**What is needed**
Retype the whole listing below exactly, keeping every picture out of it.
════
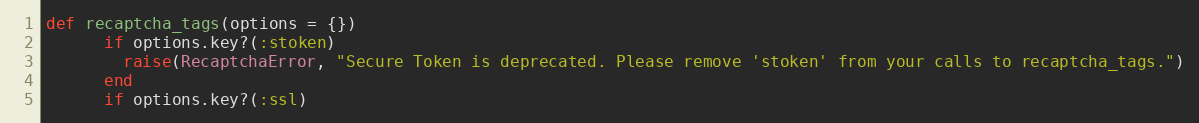
Language: Ruby
def recaptcha_tags(options = {})
      if options.key?(:stoken)
        raise(RecaptchaError, "Secure Token is deprecated. Please remove 'stoken' from your calls to recaptcha_tags.")
      end
      if options.key?(:ssl)
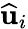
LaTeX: \widehat{\mathbf{u}}_{i}
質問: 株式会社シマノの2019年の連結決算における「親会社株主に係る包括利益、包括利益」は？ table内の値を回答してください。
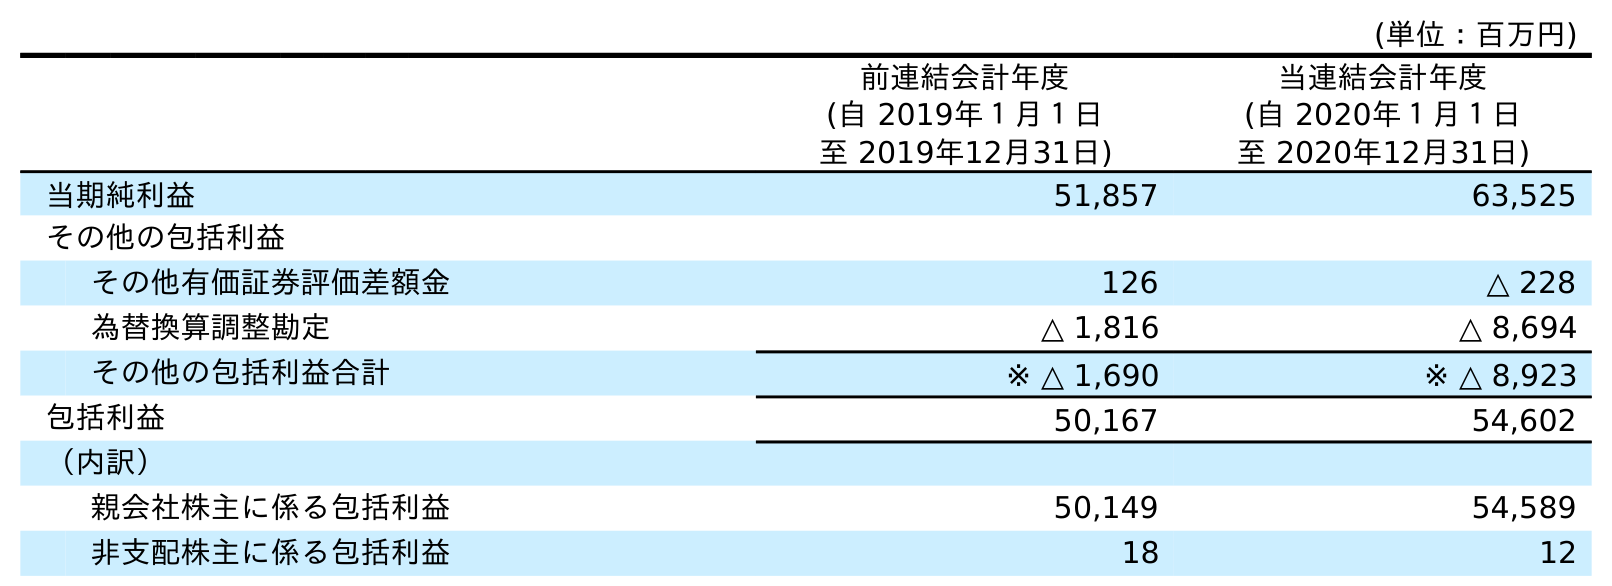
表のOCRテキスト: (単位：百万円) 前連結会計年度 (自 2019年１月１日 至 2019年12月31日) 当連結会計年度 (自 2020年１月１日 至 2020年12月31日) 当期純利益 51,857 63,525 その他の包括利益 その他有価証券評価差額金 126 △ 228 為替換算調整勘定 △ 1,816 △ 8,694 その他の包括利益合計 ※ △ 1,690 ※ △ 8,923 包括利益 50,167 54,602 （内訳） 親会社株主に係る包括利益 50,149 54,589 非支配株主に係る包括利益 18 12
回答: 50,149
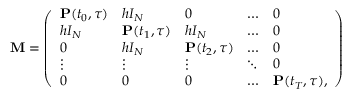
\begin{array} { r } { \mathbf { M } = \left( \begin{array} { l l l l l } { \mathbf { P } ( t _ { 0 } , \tau ) } & { h I _ { N } } & { 0 } & { \dots } & { 0 } \\ { h I _ { N } } & { \mathbf { P } ( t _ { 1 } , \tau ) } & { h I _ { N } } & { \dots } & { 0 } \\ { 0 } & { h I _ { N } } & { \mathbf { P } ( t _ { 2 } , \tau ) } & { \dots } & { 0 } \\ { \vdots } & { \vdots } & { \vdots } & { \ddots } & { 0 } \\ { 0 } & { 0 } & { 0 } & { \dots } & { \mathbf { P } ( t _ { T } , \tau ) , } \end{array} \right) } \end{array}
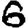
Digit: 6
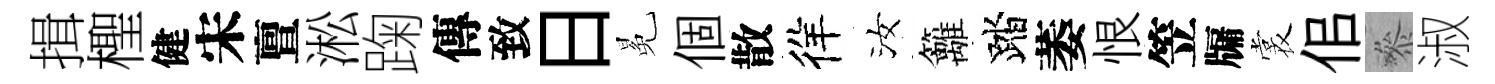
揖檉健宋亶淞踘傳致日冕個散徉汝籬踏萎恨笠牖裳佀叅淑
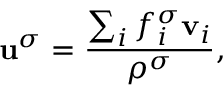
\mathbf { u } ^ { \sigma } = \frac { \sum _ { i } f _ { i } ^ { \sigma } \mathbf { v } _ { i } } { \rho ^ { \sigma } } ,
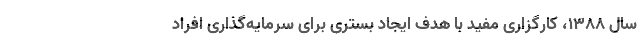
سال ۱۳۸۸، کارگزاری مفید با هدف ایجاد بستری برای سرمایه‌گذاری افراد
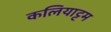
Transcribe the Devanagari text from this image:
कलियाट्टम
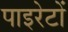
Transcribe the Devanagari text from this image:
पाइरेटों
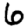
Digit: 6
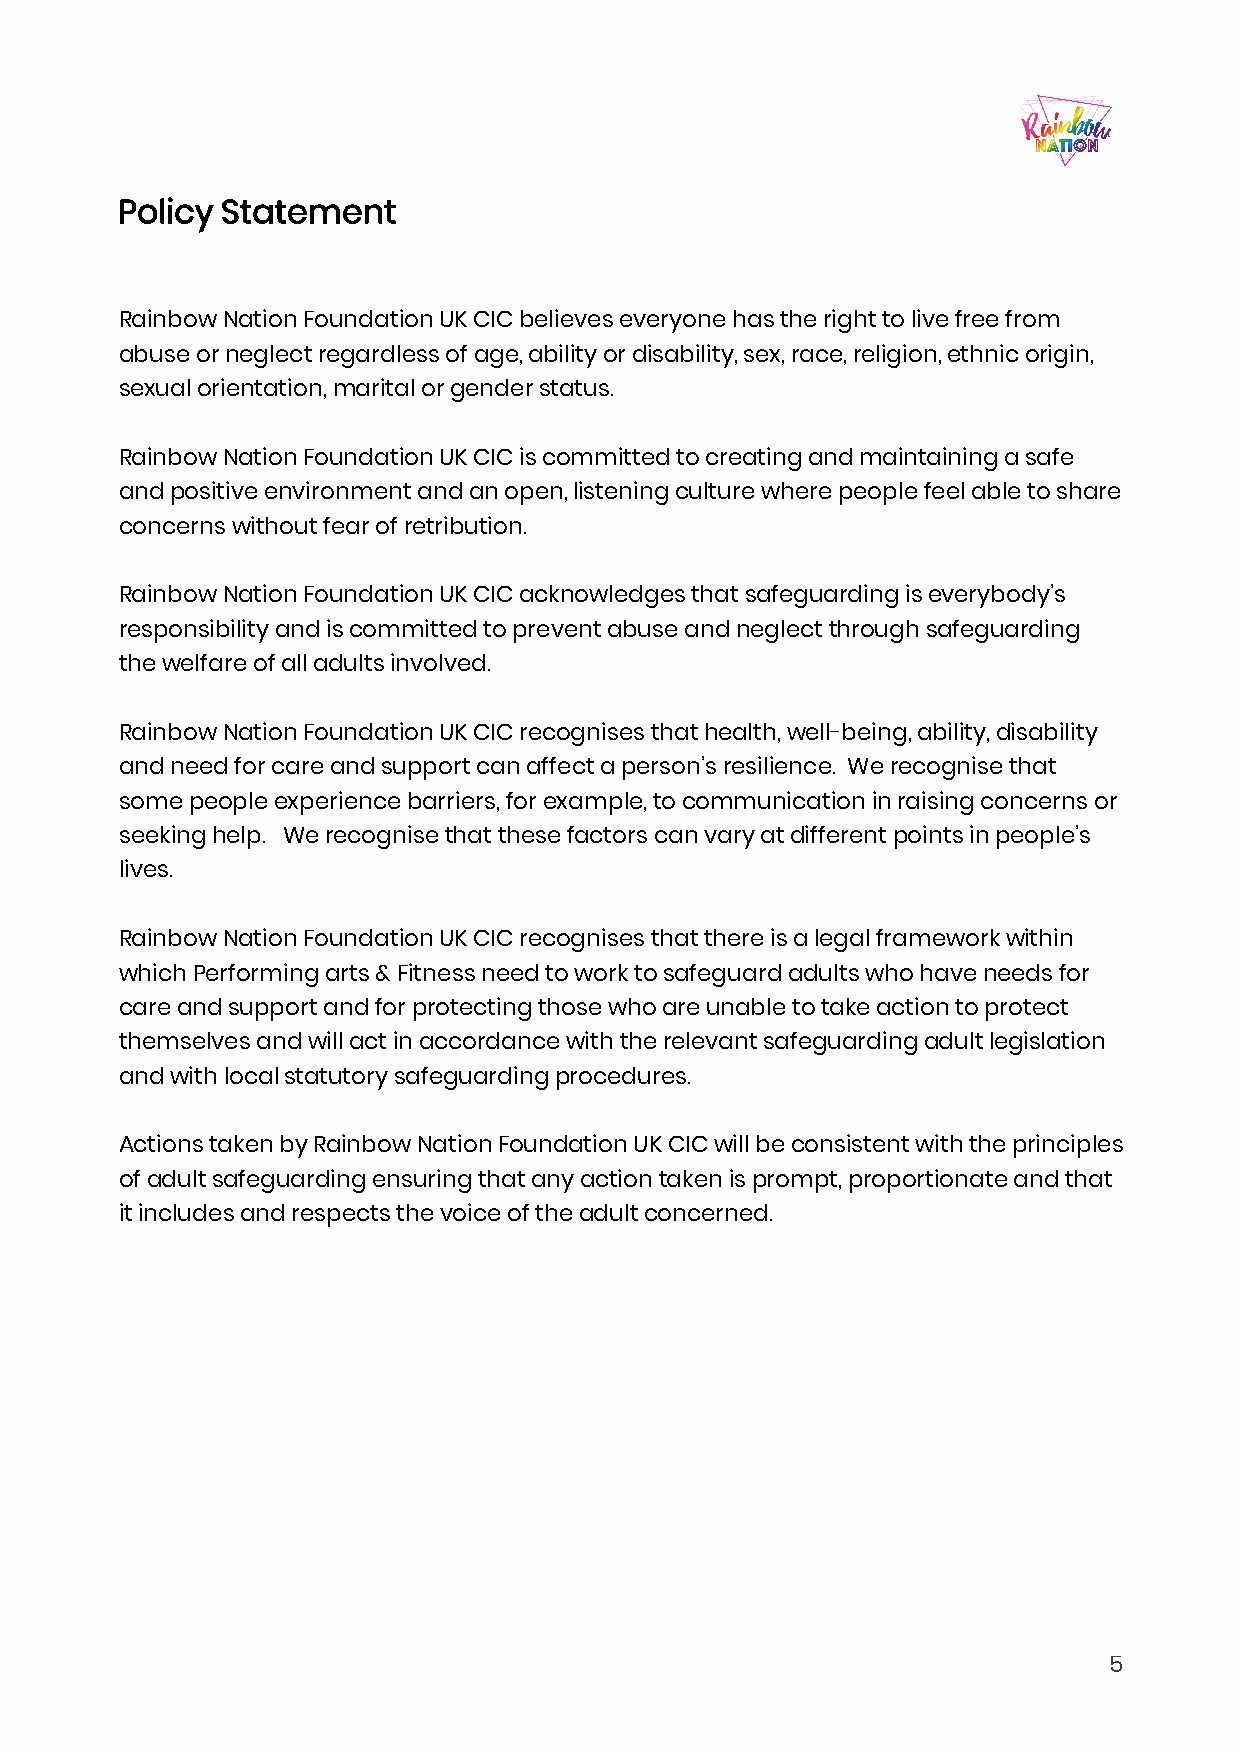
Policy Statement
 Rainbow Nation Foundation UK CIC believes everyone has the right to live free from
 abuse or neglect regardless of age, ability or disability, sex, race, religion, ethnic origin,
 sexual orientation, marital or gender status.
 Rainbow Nation Foundation UK CIC is committed to creating and maintaining a safe
 and positive environment and an open, listening culture where people feel able to share
 concerns without fear of retribution.
 Rainbow Nation Foundation UK CIC acknowledges that safeguarding is everybody’s
 responsibility and is committed to prevent abuse and neglect through safeguarding
 the welfare of all adults involved.
 Rainbow Nation Foundation UK CIC recognises that health, well-being, ability, disability
 and need for care and support can affect a person’s resilience. We recognise that
 some people experience barriers, for example, to communication in raising concerns or
 seeking help. We recognise that these factors can vary at different points in people’s
 lives.
 Rainbow Nation Foundation UK CIC recognises that there is a legal framework within
 which Performing arts & Fitness need to work to safeguard adults who have needs for
 care and support and for protecting those who are unable to take action to protect
 themselves and will act in accordance with the relevant safeguarding adult legislation
 and with local statutory safeguarding procedures.
 Actions taken by Rainbow Nation Foundation UK CIC will be consistent with the principles
 of adult safeguarding ensuring that any action taken is prompt, proportionate and that
 it includes and respects the voice of the adult concerned.
 5
════
**Solution below**
Language: Ruby
def recaptcha_tags(options = {})
      if options.key?(:stoken)
        raise(RecaptchaError, "Secure Token is deprecated. Please remove 'stoken' from your calls to recaptcha_tags.")
      end
      if options.key?(:ssl)
LaTeX: \widehat{\mathbf{u}}_{i}
質問: 株式会社シマノの2019年の連結決算における「親会社株主に係る包括利益、包括利益」は？ table内の値を回答してください。
表のOCRテキスト: (単位：百万円) 前連結会計年度 (自 2019年１月１日 至 2019年12月31日) 当連結会計年度 (自 2020年１月１日 至 2020年12月31日) 当期純利益 51,857 63,525 その他の包括利益 その他有価証券評価差額金 126 △ 228 為替換算調整勘定 △ 1,816 △ 8,694 その他の包括利益合計 ※ △ 1,690 ※ △ 8,923 包括利益 50,167 54,602 （内訳） 親会社株主に係る包括利益 50,149 54,589 非支配株主に係る包括利益 18 12
回答: 50,149
\begin{array} { r } { \mathbf { M } = \left( \begin{array} { l l l l l } { \mathbf { P } ( t _ { 0 } , \tau ) } & { h I _ { N } } & { 0 } & { \dots } & { 0 } \\ { h I _ { N } } & { \mathbf { P } ( t _ { 1 } , \tau ) } & { h I _ { N } } & { \dots } & { 0 } \\ { 0 } & { h I _ { N } } & { \mathbf { P } ( t _ { 2 } , \tau ) } & { \dots } & { 0 } \\ { \vdots } & { \vdots } & { \vdots } & { \ddots } & { 0 } \\ { 0 } & { 0 } & { 0 } & { \dots } & { \mathbf { P } ( t _ { T } , \tau ) , } \end{array} \right) } \end{array}
Digit: 6
揖檉健宋亶淞踘傳致日冕個散徉汝籬踏萎恨笠牖裳佀叅淑
\mathbf { u } ^ { \sigma } = \frac { \sum _ { i } f _ { i } ^ { \sigma } \mathbf { v } _ { i } } { \rho ^ { \sigma } } ,
سال ۱۳۸۸، کارگزاری مفید با هدف ایجاد بستری برای سرمایه‌گذاری افراد
Transcribe the Devanagari text from this image:
कलियाट्टम
Transcribe the Devanagari text from this image:
पाइरेटों
Digit: 6
Policy Statement
 Rainbow Nation Foundation UK CIC believes everyone has the right to live free from
 abuse or neglect regardless of age, ability or disability, sex, race, religion, ethnic origin,
 sexual orientation, marital or gender status.
 Rainbow Nation Foundation UK CIC is committed to creating and maintaining a safe
 and positive environment and an open, listening culture where people feel able to share
 concerns without fear of retribution.
 Rainbow Nation Foundation UK CIC acknowledges that safeguarding is everybody’s
 responsibility and is committed to prevent abuse and neglect through safeguarding
 the welfare of all adults involved.
 Rainbow Nation Foundation UK CIC recognises that health, well-being, ability, disability
 and need for care and support can affect a person’s resilience. We recognise that
 some people experience barriers, for example, to communication in raising concerns or
 seeking help. We recognise that these factors can vary at different points in people’s
 lives.
 Rainbow Nation Foundation UK CIC recognises that there is a legal framework within
 which Performing arts & Fitness need to work to safeguard adults who have needs for
 care and support and for protecting those who are unable to take action to protect
 themselves and will act in accordance with the relevant safeguarding adult legislation
 and with local statutory safeguarding procedures.
 Actions taken by Rainbow Nation Foundation UK CIC will be consistent with the principles
 of adult safeguarding ensuring that any action taken is prompt, proportionate and that
 it includes and respects the voice of the adult concerned.
 5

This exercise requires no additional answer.